The feasible regions for consecutive patterns of pattern-avoiding permutations

TL;DR

This paper investigates the geometric structure of the set of possible limiting frequencies of consecutive patterns in large pattern-avoiding permutations, establishing convexity and conjecturing polytopal nature, with full descriptions in specific cases.

Contribution

It characterizes the feasible regions for consecutive pattern frequencies in pattern-avoiding permutations, proving convexity and providing a full description for certain classes, including cycle polytope vertices.

Findings

Feasible regions are always convex.

These regions are polytopes in specific cases.

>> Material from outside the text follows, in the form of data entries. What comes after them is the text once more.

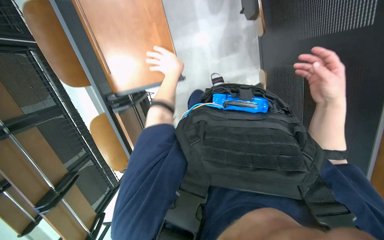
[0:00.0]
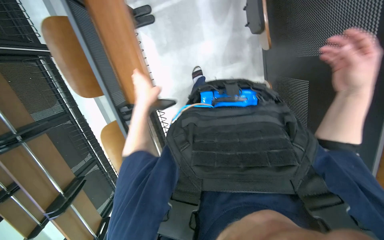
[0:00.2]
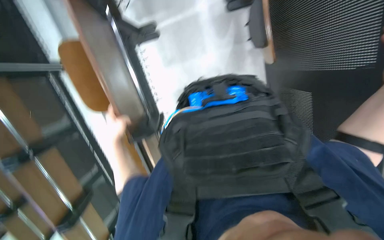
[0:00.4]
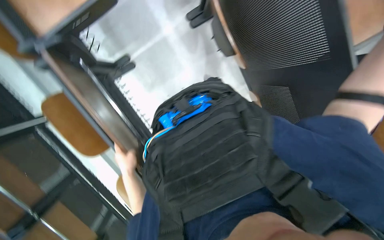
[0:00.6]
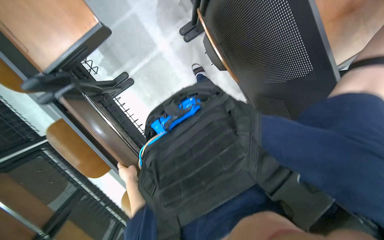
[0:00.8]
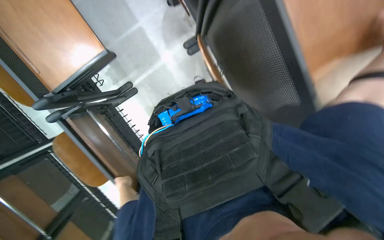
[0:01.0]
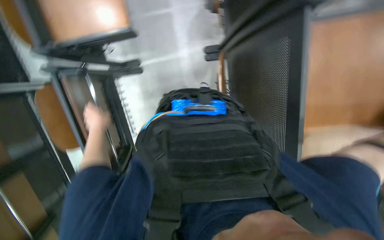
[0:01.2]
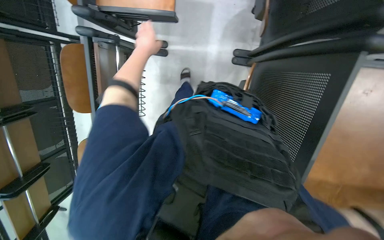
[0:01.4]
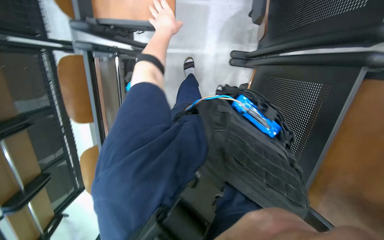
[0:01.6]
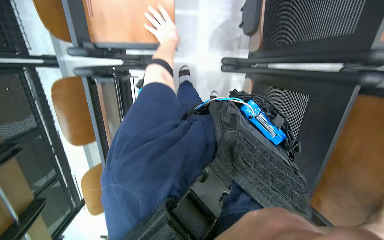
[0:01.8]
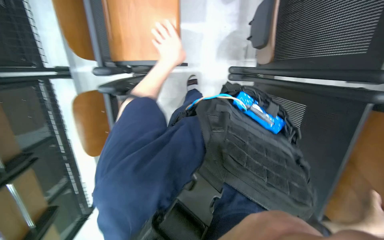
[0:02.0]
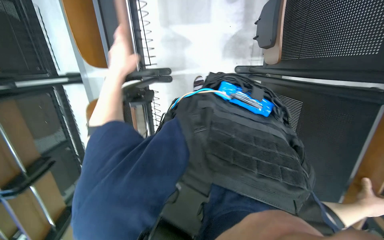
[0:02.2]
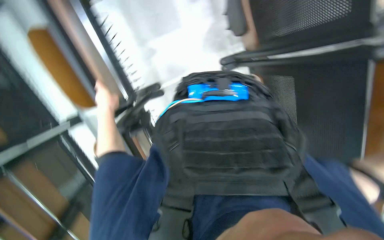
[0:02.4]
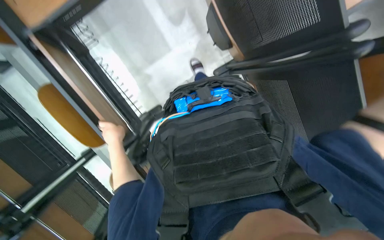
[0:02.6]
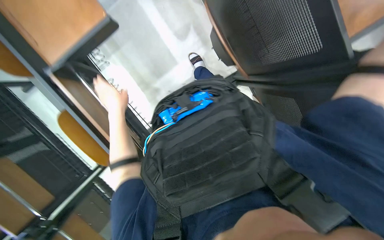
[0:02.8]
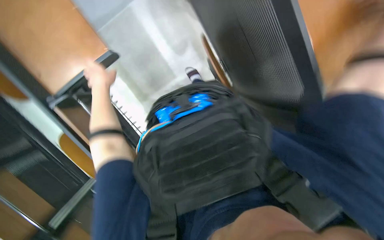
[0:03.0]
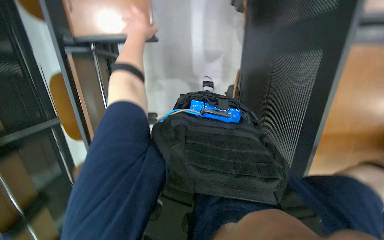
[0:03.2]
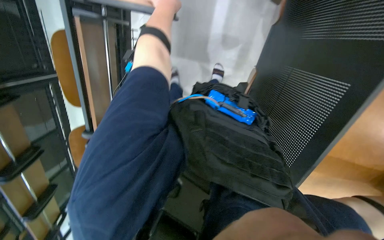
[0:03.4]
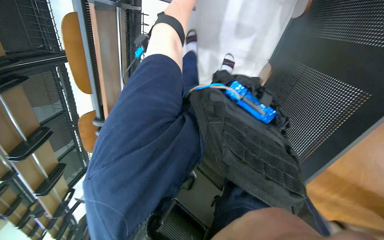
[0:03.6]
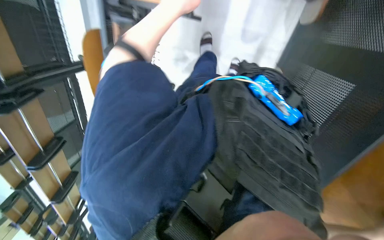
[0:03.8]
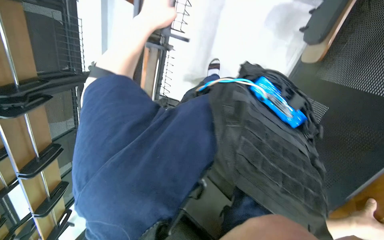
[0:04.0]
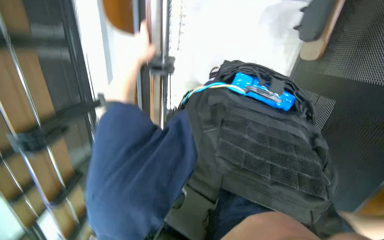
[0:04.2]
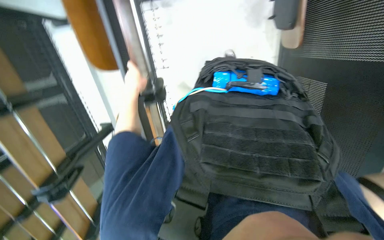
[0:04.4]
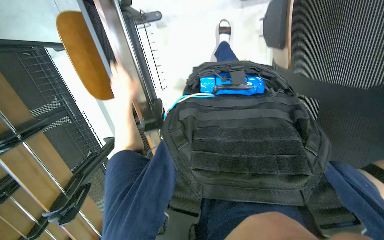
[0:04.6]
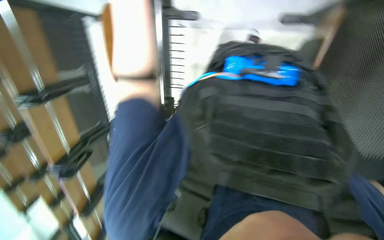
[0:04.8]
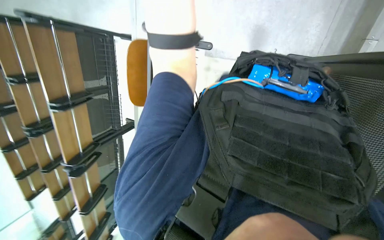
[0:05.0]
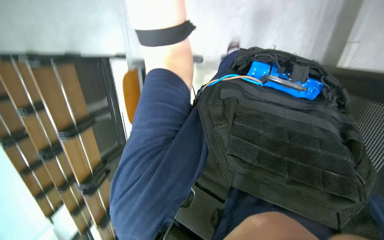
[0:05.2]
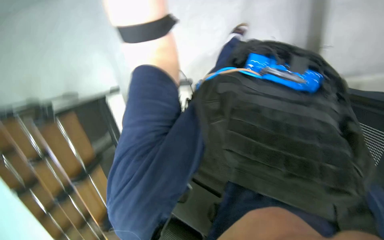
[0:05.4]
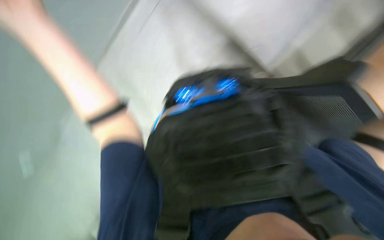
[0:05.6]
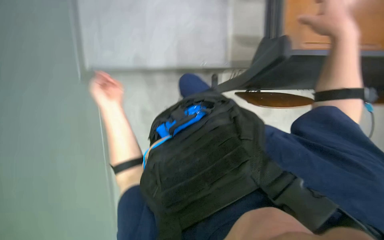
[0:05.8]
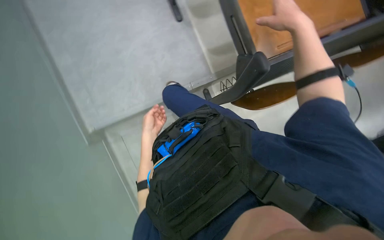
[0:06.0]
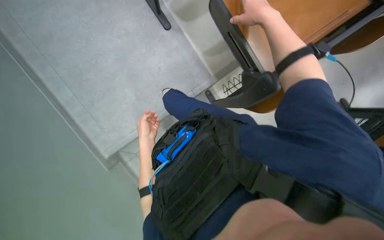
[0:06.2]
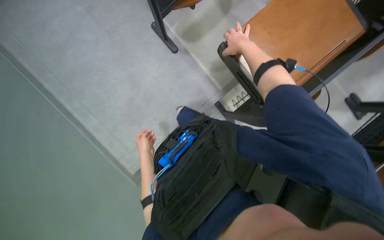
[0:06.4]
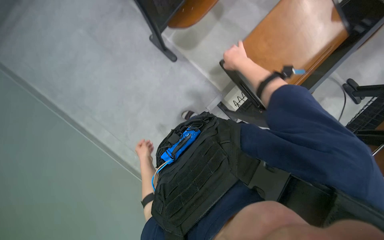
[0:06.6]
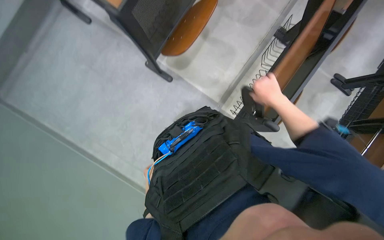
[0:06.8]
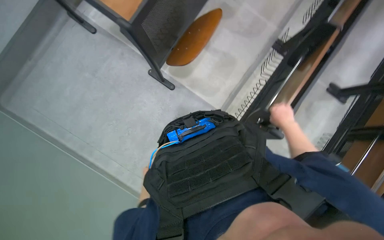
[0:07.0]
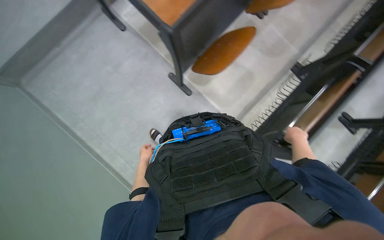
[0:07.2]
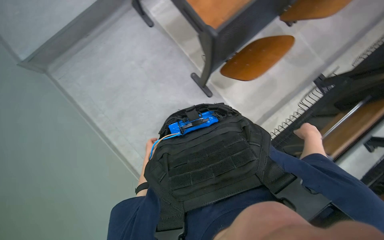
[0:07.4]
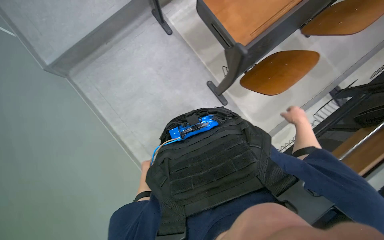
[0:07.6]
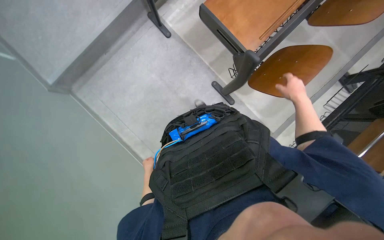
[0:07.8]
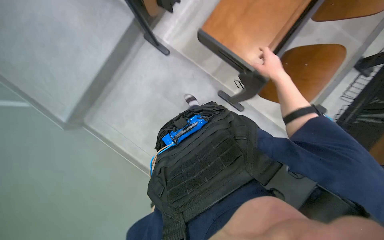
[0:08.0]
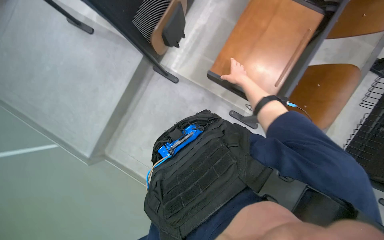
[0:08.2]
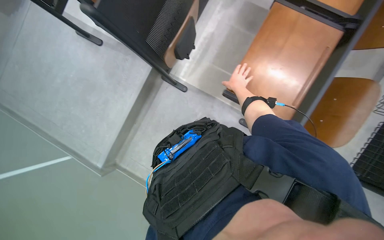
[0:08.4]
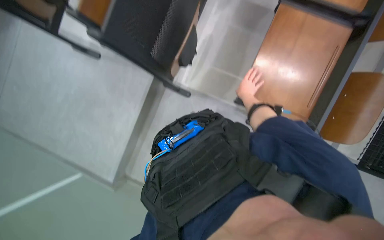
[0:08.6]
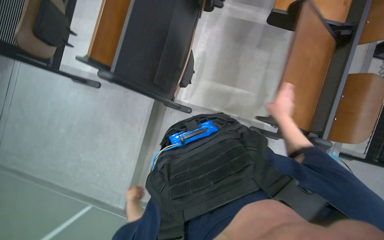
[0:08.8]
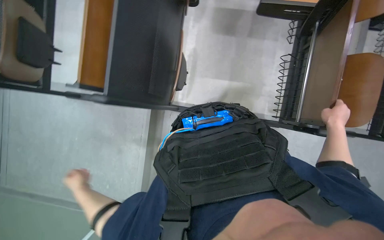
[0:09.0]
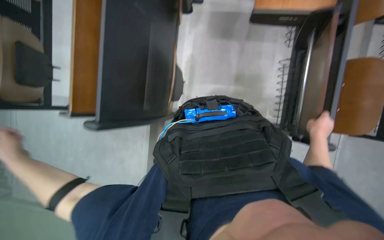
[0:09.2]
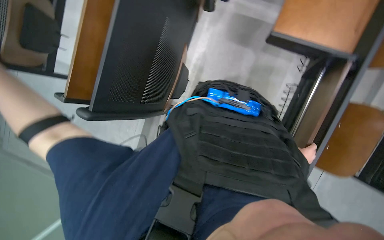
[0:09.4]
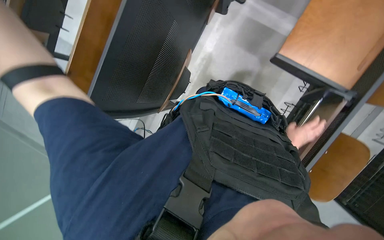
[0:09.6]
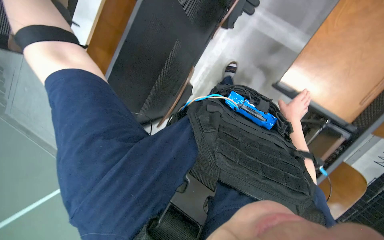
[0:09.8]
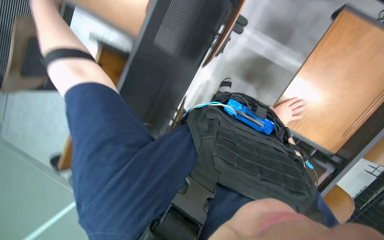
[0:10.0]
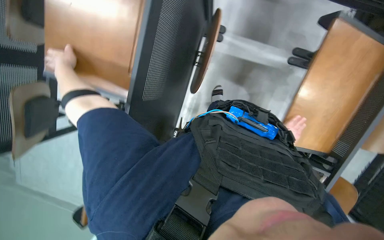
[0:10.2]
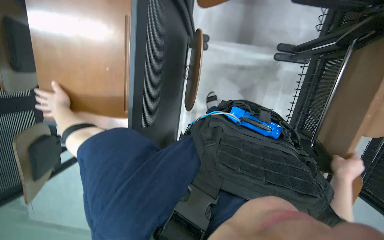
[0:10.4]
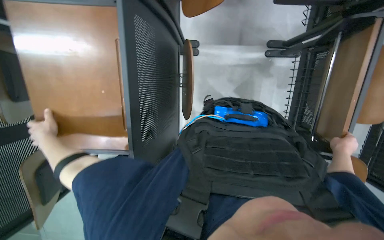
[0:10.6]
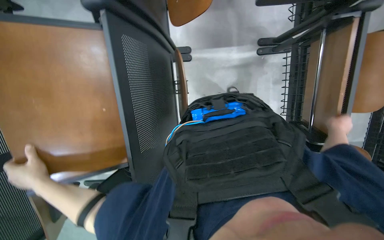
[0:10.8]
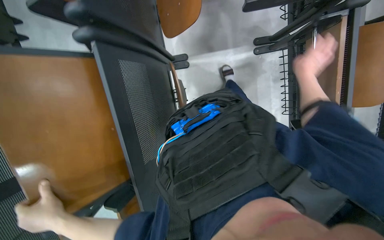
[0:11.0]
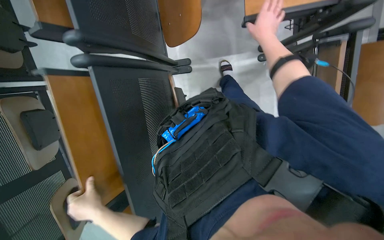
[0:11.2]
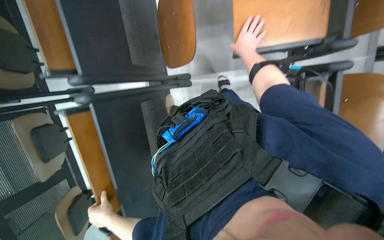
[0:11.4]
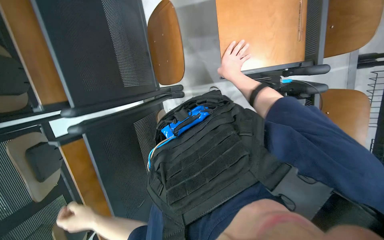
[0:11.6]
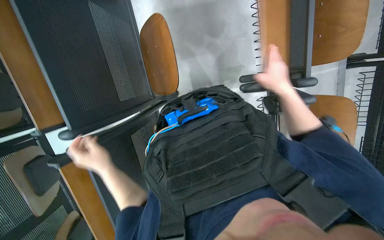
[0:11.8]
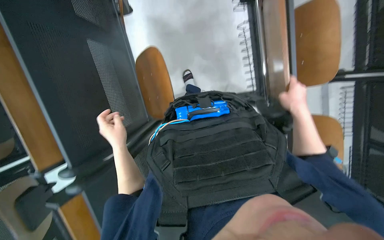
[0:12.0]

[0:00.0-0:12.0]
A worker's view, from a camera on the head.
Job: organizing items.
The whole recording: Arranging chairs and desks. The worker arranges chairs and desks in the room.
0:00.0 to 0:01.6: The camera pitches upward, by roughly 15 degrees.
0:01.6 to 0:03.0: The scene rotates counterclockwise by approximately 35 degrees.
0:04.4 to 0:06.0: The view tilts some 25 degrees upward.
0:06.0 to 0:07.6: The camera is carried to the left, some 40 cm. The camera pitches upward, by about 15 degrees.
0:07.6 to 0:09.0: The head travels approximately 80 cm. Everything in view rotates approximately 45 degrees counterclockwise.
0:10.4 to 0:12.0: The camera is carried some 40 cm.

Vertices are described via cycle polytopes.

Abstract

We study the feasible region for consecutive patterns of pattern-avoiding permutations. More precisely, given a family $\mathcal C$ of permutations avoiding a fixed set of patterns, we consider the limit of proportions of consecutive patterns on large permutations of $\mathcal C$. These limits form a region, which we call the consecutive patterns feasible region for $\mathcal C$. We determine the dimension of the consecutive patterns feasible region for all families $\mathcal C$ closed either for the direct sum or the skew sum. These families include for instance the ones avoiding a single pattern and all substitution-closed classes. We further show that these regions are always convex and we conjecture that they are always polytopes. We prove this conjecture when $\mathcal C$ is the family of $\tau$-avoiding permutations, with either $\tau$ of size three or $\tau$ a monotone pattern. Furthermore, in these cases we give a full description of the vertices of these polytopes via cycle polytopes. Along the way, we discuss connections of this work with the problem of packing patterns in pattern-avoiding permutations and to the study of local limits for pattern-avoiding permutations.